Try out true air-locking differentials... They make a truck feel a tank.


----------



## White Gardens (Oct 29, 2008)

TatraFan;1396288 said:


> Try out true air-locking differentials... They make a truck feel a tank.


As much as I would like to, that would mean I would have to retro-fit a compressor and air tank on the truck to operate it.

And in all honesty, I do a lot of turning when plowing, so to have the posi only kick in when needed is good for me. Less wear and tear on the drive-train. The truck felt enough like a tank pushing snow after our blizzard last year.

It's also wayyyyyyyy better than the open carrier I used to have on my old F-350. That really stunk.

.....


----------



## TatraFan (Oct 29, 2011)

White Gardens;1396432 said:


> As much as I would like to, that would mean I would have to retro-fit a compressor and air tank on the truck to operate it.
> 
> And in all honesty, I do a lot of turning when plowing, so to have the posi only kick in when needed is good for me. Less wear and tear on the drive-train. The truck felt enough like a tank pushing snow after our blizzard last year.
> 
> ...


White Gardens:

Well you could try ARB's system they use air on demand and only the addition of a small compressor is necessary. If you don't like that option: E-Lockers from Eaton are electrically operated.

http://www.eaton.com/Eaton/Products...utomotiveAftermarket/Differentials/PCT_221472

http://store.arbusa.com/Air-Lockers-C7.aspx

They are great when you put them in both axles. Tank performance... Or Tatra if you will performance.


----------



## oneoldsap (Dec 26, 2011)

*Traction & Torque*

Eaton has an electric locker kit for front axles now , it looks like the best of both worlds . Of course a Detroit locker in the rear is a must ! I plow alot of grades so traction and torque are important , my K-3500 SRW with studded Cooper M/Ss is a formidable snow pusher . I plow some places where most wouldn't dare even try , ( that could also be due to a lack of common sense on my part ) but they pay good !Thumbs Up


----------



## TatraFan (Oct 29, 2011)

oneoldsap;1397817 said:


> Eaton has an electric locker kit for front axles now , it looks like the best of both worlds . Of course a Detroit locker in the rear is a must ! I plow alot of grades so traction and torque are important , my K-3500 SRW with studded Cooper M/Ss is a formidable snow pusher . I plow some places where most wouldn't dare even try , ( that could also be due to a lack of common sense on my part ) but they pay good !Thumbs Up


I would go with the selectable lockers myself in the rear axle-- only because when you're driving on hard dry surfaces you reduce the wear on the drive lines... After you get the torque, traction aids, and proper tires-- bead locking rims are the next thing you need.

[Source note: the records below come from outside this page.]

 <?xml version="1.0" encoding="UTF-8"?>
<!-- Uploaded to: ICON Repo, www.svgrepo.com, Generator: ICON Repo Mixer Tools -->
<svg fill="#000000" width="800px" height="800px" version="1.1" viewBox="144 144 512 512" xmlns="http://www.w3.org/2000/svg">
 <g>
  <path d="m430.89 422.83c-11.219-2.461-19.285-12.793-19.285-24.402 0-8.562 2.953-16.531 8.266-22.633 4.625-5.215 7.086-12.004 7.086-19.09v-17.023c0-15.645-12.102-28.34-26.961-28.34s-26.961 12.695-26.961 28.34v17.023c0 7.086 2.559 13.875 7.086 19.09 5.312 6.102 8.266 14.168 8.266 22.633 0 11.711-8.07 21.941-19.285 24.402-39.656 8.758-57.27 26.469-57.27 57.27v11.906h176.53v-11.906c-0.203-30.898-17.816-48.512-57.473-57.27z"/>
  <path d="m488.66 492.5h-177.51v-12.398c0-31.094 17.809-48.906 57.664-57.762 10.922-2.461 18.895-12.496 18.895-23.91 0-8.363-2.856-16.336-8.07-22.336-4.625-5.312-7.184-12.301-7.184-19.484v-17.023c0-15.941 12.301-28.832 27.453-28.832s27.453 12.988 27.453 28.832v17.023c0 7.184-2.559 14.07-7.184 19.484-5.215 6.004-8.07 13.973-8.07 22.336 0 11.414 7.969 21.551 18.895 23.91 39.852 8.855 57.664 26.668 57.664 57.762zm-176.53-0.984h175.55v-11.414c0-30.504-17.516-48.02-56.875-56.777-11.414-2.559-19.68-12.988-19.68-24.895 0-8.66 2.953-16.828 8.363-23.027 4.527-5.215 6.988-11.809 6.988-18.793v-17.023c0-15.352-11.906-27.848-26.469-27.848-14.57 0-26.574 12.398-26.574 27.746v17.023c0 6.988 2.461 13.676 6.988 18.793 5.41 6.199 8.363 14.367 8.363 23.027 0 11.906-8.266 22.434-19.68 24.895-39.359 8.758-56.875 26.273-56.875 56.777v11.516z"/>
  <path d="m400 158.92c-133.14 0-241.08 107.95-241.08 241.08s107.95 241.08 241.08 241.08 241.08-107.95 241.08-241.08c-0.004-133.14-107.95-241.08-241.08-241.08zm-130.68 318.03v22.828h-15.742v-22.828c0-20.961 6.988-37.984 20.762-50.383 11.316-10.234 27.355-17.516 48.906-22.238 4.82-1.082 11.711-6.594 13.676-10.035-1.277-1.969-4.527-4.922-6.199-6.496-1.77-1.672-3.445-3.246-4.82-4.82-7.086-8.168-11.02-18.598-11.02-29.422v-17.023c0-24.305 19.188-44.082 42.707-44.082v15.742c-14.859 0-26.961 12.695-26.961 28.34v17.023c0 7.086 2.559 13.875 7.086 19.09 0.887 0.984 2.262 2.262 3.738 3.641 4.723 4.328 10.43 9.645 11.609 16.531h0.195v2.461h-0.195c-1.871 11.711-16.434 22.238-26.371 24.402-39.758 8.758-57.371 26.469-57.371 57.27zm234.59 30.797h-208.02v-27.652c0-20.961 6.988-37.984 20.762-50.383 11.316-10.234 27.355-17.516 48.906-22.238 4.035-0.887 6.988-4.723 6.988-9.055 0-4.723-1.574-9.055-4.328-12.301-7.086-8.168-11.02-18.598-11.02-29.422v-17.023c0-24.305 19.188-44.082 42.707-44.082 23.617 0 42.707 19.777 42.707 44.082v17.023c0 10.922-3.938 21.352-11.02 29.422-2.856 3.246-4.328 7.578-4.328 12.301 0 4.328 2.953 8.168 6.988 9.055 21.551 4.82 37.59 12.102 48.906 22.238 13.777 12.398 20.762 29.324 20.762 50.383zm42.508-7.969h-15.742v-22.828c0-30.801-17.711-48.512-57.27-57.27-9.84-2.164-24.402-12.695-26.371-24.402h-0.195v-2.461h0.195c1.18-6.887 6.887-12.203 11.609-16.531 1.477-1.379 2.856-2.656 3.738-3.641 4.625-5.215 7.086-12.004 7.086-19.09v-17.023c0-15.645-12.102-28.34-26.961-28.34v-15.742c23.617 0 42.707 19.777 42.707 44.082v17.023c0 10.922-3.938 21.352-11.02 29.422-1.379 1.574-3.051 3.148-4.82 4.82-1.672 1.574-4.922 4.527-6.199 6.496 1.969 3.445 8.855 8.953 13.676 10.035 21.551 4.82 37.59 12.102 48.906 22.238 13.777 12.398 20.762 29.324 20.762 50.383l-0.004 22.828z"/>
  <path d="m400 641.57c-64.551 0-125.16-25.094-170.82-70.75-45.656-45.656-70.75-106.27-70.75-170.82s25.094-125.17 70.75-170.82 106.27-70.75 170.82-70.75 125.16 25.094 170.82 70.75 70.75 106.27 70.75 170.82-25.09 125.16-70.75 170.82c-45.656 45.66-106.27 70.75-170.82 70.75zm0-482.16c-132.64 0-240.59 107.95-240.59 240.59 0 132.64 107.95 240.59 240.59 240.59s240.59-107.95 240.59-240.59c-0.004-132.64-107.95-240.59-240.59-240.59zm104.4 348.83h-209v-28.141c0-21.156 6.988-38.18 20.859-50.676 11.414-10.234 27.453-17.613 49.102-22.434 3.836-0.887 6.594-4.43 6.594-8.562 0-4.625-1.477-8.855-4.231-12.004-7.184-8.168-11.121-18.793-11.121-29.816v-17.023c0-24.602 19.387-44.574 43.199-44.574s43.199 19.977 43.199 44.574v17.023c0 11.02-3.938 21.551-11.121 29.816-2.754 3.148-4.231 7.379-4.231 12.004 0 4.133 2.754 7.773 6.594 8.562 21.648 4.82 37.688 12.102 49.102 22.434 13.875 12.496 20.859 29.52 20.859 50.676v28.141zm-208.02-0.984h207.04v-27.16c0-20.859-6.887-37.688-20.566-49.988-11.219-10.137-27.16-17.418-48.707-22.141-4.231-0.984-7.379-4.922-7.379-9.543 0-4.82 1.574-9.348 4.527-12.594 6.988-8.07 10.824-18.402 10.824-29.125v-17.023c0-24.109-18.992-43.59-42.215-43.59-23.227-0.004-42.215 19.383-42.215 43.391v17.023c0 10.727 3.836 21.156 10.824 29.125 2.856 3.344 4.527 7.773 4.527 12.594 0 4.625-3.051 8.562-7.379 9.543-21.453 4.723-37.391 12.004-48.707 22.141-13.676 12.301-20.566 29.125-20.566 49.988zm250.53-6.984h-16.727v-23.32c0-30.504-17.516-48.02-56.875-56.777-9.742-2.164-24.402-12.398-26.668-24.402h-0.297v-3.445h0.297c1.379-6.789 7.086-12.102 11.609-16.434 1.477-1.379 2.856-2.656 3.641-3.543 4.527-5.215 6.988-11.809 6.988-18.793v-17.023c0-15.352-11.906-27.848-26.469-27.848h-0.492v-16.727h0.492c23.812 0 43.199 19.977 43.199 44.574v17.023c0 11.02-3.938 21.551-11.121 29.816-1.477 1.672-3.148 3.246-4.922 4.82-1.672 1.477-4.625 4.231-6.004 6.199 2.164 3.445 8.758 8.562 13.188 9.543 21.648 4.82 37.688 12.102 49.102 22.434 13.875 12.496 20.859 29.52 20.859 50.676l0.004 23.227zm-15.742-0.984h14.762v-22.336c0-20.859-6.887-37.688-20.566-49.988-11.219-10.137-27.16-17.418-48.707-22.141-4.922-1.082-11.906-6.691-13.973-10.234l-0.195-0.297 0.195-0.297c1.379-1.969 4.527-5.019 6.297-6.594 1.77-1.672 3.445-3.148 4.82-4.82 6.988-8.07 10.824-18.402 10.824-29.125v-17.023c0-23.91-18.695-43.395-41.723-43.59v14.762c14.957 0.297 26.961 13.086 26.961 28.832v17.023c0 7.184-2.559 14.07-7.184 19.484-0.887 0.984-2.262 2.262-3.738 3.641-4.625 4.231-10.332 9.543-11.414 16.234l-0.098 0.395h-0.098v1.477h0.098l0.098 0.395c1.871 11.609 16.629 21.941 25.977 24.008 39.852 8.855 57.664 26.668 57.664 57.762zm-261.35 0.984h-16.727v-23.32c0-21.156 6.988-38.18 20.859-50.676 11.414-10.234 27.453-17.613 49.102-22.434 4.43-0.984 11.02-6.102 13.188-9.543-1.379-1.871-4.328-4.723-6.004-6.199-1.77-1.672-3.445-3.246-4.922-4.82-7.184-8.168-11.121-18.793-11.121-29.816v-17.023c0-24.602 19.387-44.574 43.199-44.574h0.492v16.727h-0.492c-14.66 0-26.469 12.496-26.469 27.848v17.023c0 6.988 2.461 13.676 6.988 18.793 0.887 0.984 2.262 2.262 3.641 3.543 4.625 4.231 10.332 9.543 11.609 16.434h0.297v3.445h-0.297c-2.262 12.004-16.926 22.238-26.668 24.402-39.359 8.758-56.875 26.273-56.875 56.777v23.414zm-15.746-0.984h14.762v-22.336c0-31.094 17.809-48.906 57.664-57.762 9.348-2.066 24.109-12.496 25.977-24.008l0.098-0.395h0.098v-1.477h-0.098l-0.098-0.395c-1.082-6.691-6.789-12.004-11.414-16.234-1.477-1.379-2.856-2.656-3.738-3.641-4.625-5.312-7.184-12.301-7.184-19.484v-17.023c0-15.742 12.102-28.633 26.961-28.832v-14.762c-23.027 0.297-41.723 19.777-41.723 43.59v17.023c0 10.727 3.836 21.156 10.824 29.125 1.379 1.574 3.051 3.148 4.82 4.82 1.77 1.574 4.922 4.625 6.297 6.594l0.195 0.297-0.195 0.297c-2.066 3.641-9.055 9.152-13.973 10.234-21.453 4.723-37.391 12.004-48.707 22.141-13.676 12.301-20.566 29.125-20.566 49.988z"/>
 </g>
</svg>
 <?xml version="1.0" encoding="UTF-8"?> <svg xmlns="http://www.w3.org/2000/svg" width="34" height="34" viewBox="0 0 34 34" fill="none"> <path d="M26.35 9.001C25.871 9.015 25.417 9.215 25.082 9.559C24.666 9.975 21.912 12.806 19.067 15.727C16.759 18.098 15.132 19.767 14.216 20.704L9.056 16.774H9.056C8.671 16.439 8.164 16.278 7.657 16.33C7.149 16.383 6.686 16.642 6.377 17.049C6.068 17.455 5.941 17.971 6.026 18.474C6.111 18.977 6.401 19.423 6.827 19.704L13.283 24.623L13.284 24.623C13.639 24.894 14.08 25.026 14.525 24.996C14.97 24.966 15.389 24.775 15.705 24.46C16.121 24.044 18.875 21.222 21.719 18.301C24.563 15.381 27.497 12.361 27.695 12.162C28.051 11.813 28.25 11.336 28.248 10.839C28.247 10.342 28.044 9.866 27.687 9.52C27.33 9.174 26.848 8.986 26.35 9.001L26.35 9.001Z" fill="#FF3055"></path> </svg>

So what does your K-3500 SRW have in it for a power plant?


----------



## oneoldsap (Dec 26, 2011)

Just a 5.7 TBI . I've never seen an electricaly actuated rear . A locker isn't a posi trac , it unlocks when you turn .


----------



## TatraFan (Oct 29, 2011)

oneoldsap;1397847 said:


> Just a 5.7 TBI . I've never seen an electricaly actuated rear . A locker isn't a posi trac , it unlocks when you turn .


Only a 5.7L I'm surprised. It must be an older truck.. All the air lockers I've used stay locked until you turn them off.


----------



## 2COR517 (Oct 23, 2008)

TatraFan;1392819 said:


> If I were designing a snow plow truck the first feature I would put into it would be: selectable lockable transfer case, selectable lockable differentials front, and rear. This way when you lock it up you have equal power front, rear, left and right. This way as the topography of the road shifts you don't have to worry about one side actually having more load than the other.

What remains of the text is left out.